SGA Technical Advisor and Senator Myles Becker ’19 spearheaded the initiatives to update residence halls televisions, add gender pronouns on DB and obtain laundry alert systems. The motivation for submitting these proposals came out of disappointments with technology on campus, Becker explained.

“Some things I brought up in discussions with the AV center were students reporting lackluster experiences with the television[s] on campus, especially during football season,” Becker said.

Another of Becker’s proposals, inclusion of gender pronouns on DB, grew out of his work on the issue last semester. Becker had already put in some groundwork on the proposals, working with officials in the Office of Diversity and Inclusion and Information Technology Services. 97 percent of the students who voted supported the proposal.

“We’ve been talking about this since probably late September or early October. I wanted pronouns on DB. That passed with [President Kington’s] signature last semester. … It’s definitely going to happen. … The policy has been approved, and Administration has indicated this is something they are prioritizing, but the issue now is that the architecture for DB is very old, and ITS wants to move that into GrinnellShare,” Becker said.

But even if a student initiative is passed with considerable support, there is no guarantee it will be put into action. Student Initiative Fund Committee Chair Antonio DiMarco ’18 explained the role of the Committee and SGA in the process of implementation. 

“We have a committee with a couple senators involved, and it’s really our job to facilitate the process of implementing. We give a stage to implement their vision of what Grinnell should be.
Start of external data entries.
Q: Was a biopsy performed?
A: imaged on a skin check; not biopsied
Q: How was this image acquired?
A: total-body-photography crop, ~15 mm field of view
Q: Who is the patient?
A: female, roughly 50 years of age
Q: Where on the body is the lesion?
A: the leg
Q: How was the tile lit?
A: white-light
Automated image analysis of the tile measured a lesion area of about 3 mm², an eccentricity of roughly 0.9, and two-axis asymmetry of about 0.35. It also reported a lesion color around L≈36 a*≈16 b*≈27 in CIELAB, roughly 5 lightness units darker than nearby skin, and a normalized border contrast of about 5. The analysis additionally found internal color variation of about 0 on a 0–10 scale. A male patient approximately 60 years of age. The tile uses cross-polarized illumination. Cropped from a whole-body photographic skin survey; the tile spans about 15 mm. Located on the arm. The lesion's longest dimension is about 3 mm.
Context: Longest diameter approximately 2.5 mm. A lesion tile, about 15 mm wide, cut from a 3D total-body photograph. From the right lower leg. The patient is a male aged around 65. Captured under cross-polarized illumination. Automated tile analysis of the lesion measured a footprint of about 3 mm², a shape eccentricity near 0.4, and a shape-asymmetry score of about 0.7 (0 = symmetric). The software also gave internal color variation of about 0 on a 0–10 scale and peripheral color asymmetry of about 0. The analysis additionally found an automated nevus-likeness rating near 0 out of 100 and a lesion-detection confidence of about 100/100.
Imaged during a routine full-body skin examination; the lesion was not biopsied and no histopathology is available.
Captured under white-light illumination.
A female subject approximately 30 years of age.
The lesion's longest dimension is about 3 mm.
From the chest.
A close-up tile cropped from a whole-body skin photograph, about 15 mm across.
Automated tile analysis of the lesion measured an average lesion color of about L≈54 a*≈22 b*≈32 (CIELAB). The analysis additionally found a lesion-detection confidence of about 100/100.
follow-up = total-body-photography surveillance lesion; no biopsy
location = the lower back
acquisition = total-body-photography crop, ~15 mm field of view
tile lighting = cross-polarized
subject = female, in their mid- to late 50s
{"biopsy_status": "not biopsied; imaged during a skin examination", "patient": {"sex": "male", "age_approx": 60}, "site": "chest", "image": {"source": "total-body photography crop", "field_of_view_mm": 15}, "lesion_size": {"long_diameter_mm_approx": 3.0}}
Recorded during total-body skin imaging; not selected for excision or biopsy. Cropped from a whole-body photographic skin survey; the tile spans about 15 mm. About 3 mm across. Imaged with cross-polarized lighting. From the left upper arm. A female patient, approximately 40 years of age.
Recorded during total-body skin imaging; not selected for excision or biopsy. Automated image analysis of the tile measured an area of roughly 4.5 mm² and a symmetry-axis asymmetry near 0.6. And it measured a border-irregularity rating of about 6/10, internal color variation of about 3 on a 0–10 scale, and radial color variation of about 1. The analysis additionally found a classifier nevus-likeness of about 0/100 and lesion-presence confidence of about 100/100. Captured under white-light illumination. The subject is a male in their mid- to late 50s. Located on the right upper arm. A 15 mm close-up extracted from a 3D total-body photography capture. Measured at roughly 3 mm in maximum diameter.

We help them connect to the resources they need to make their vision a reality. … Just because an initiative is passed by the student body doesn’t mean it has to be implemented. Ultimately, the final decision is whether the authors want to make it a reality,” DiMarco said.   
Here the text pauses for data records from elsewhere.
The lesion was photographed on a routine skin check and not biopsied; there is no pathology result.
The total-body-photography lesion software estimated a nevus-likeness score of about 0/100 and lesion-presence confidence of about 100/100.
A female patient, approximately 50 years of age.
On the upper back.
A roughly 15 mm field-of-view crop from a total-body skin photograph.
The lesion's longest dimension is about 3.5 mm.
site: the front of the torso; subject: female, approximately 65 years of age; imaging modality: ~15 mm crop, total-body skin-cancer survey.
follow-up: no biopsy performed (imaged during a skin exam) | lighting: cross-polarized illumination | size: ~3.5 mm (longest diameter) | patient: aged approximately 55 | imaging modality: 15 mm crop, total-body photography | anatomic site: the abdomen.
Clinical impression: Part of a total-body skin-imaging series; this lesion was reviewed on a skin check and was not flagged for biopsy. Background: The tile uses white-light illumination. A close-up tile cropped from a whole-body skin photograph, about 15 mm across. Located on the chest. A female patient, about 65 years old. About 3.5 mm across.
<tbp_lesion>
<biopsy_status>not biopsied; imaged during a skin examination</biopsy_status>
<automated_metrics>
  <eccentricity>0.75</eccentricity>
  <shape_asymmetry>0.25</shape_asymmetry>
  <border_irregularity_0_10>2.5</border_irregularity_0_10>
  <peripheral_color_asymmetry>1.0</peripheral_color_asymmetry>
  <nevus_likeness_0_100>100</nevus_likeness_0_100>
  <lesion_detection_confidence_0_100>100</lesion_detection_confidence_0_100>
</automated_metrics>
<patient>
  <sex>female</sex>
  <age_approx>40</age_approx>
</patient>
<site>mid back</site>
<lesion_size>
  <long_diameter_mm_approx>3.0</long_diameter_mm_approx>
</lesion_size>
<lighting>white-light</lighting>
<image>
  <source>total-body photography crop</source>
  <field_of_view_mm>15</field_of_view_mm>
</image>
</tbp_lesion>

The STI Fund committee meets to discuss the student initiatives of Spring 2018. Photo by Mahira Faran.

Rather than a purely facilitator role, SGA acts as a middleman between the authors of student initiatives and sources of funding and all pertinent resources to implement initiatives. Ultimately, the authors of initiatives are responsible for their implementation. According to DiMarco, “We act as a mediator for that process. It’s a good mix of both … but I would say it falls more in [the students’] hands to see their initiative into fruition.”
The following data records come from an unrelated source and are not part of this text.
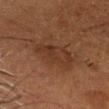{"biopsy_status": "not biopsied; imaged during a skin examination", "lesion_size": {"long_diameter_mm_approx": 4.5}, "lighting": "cross-polarized", "site": "head or neck", "patient": {"sex": "male", "age_approx": 75}, "automated_metrics": {"vs_skin_darker_L": 5.0, "vs_skin_contrast_norm": 5.5}, "image": {"source": "total-body photography crop", "field_of_view_mm": 15}}
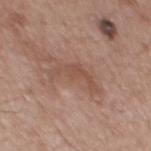{
  "biopsy_status": "not biopsied; imaged during a skin examination",
  "site": "mid back",
  "patient": {
    "sex": "male",
    "age_approx": 55
  },
  "image": {
    "source": "total-body photography crop",
    "field_of_view_mm": 15
  },
  "lighting": "white-light",
  "lesion_size": {
    "long_diameter_mm_approx": 4.5
  }
}
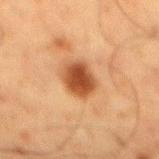  image:
    source: total-body photography crop
    field_of_view_mm: 15
  patient:
    sex: male
    age_approx: 60
  lesion_size:
    long_diameter_mm_approx: 4.0
  site: mid back
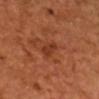This lesion was catalogued during total-body skin photography and was not selected for biopsy.
The lesion's longest dimension is about 3 mm.
From the head or neck.
A lesion tile, about 15 mm wide, cut from a 3D total-body photograph.
A male patient, in their 50s.
An algorithmic analysis of the crop reported a nevus-likeness score of about 0/100 and lesion-presence confidence of about 100/100.

Funding student initiatives are not the express responsibility of the Student Initiative Fund, though the roughly $2,500 allocated to SGA for this purpose does play a part. A number of student initiatives this semester will likely use resources outside the Fund to be implemented, a common practice for student initiatives given the limited amount of money allocated to them. These may include acquiring funding from SHACS for “happy lamps,” or assistance from Facilities Management to make updates to residence areas, among other possibilities.

“If you have an idea, you can go and do that, even without the Student Initiative Fund,” DiMarco said. “But we will make it a lot easier for you to get in contact with people, and to provide funding.”